Doc P’s Word of the Week: bloviate. Moi? Never.
Aries- The appendix. Not the thing that no one ever checks at the back of a book, but the weird little peanut shaped organ of mystery that confounds us to this day. Is it vestigial, a remnant of a world gone by; where perhaps the one thing that saved humans from extinction was this unassuming organ? Maybe it used to be really big and do all kinds of cool stuff. One theory says that when our diets had a lot more plants in it, that the appendix secreted sexy time gastric juices to help digest all that cellulose. Then we domesticated livestock, animal husbandry and sexy time with cows and sheep, and the appendix got outsourced, and the kidney took its job, it being far superior at filtering out all those proteins that were embiggening our brains. And there’s two of them in case one gets lost. I advise you consider all of your vestigials, be they psychically inured or lying in wait somewhere in your colon, just waiting for the right moment to burst. You don’t have to shave down and operate, but keep focused, and don’t eat or drink after midnight.
Taurus- The best person for any job is someone who is efficiently lazy. Someone who knows that in order to get back to moon-eyed indolence and smoking doobies while catching up on Tivo, or what I call, Weedvo®, is that you have to work. Certain sacrifices are necessary in order to maintain the ‘lifestyle’. Dillying and/or dallying often require cash. One also needs a place in which to perform such tarrying and burning of daylight. Gotta pay rent. It’s all about balance. Work just hard enough to afford the maximum goof off time. The efficient lazy person will get a job done correctly and in the shortest amount of time possible. It’s just math. Get your crap done, you silly billy, so we can party; le discotheque closes at 930.

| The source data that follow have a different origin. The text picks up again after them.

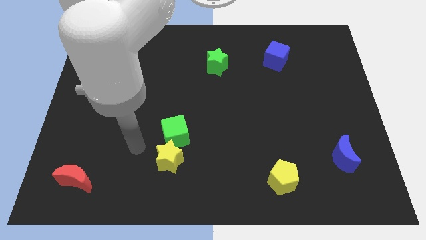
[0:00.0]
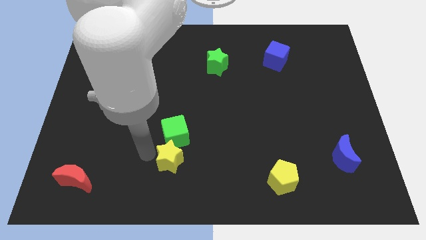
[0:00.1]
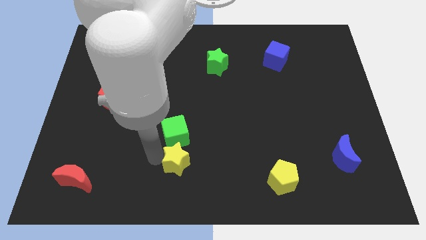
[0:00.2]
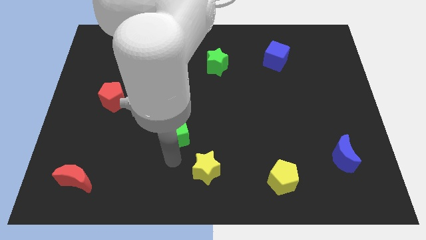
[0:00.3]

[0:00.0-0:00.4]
move the green cube away from the yellow star

Gemini- The Organ of Bojanus and the Organ of Bo Jangles are totally separate entities—trust me. The former is the ersatz excretory kidney in most earth mollusks. Mmmmmm, sautéed and dipped in butter = mouthgasm®. The Organ of Bo Jangles, on the other bivalve, is the organ responsible for turning oyster juice into sexy time hormones and boner fluid, after a quick ten minute oil and lube job. Oysters are rich in zinc—a boon to sperm production, but if that doesn’t fill your sails, then try some deer penis, or ambergris, maybe some avocado, or my personal favorite cow cod soup. Nothing gets my motor humming like a bowl of jamaican cow testicle soup. I recommend you get in touch with your favorite organs and juice ’em till they hum and dinger at just the perfect pitch. Keep your instruments tuned, Bo-- in case you get a gig, you dig?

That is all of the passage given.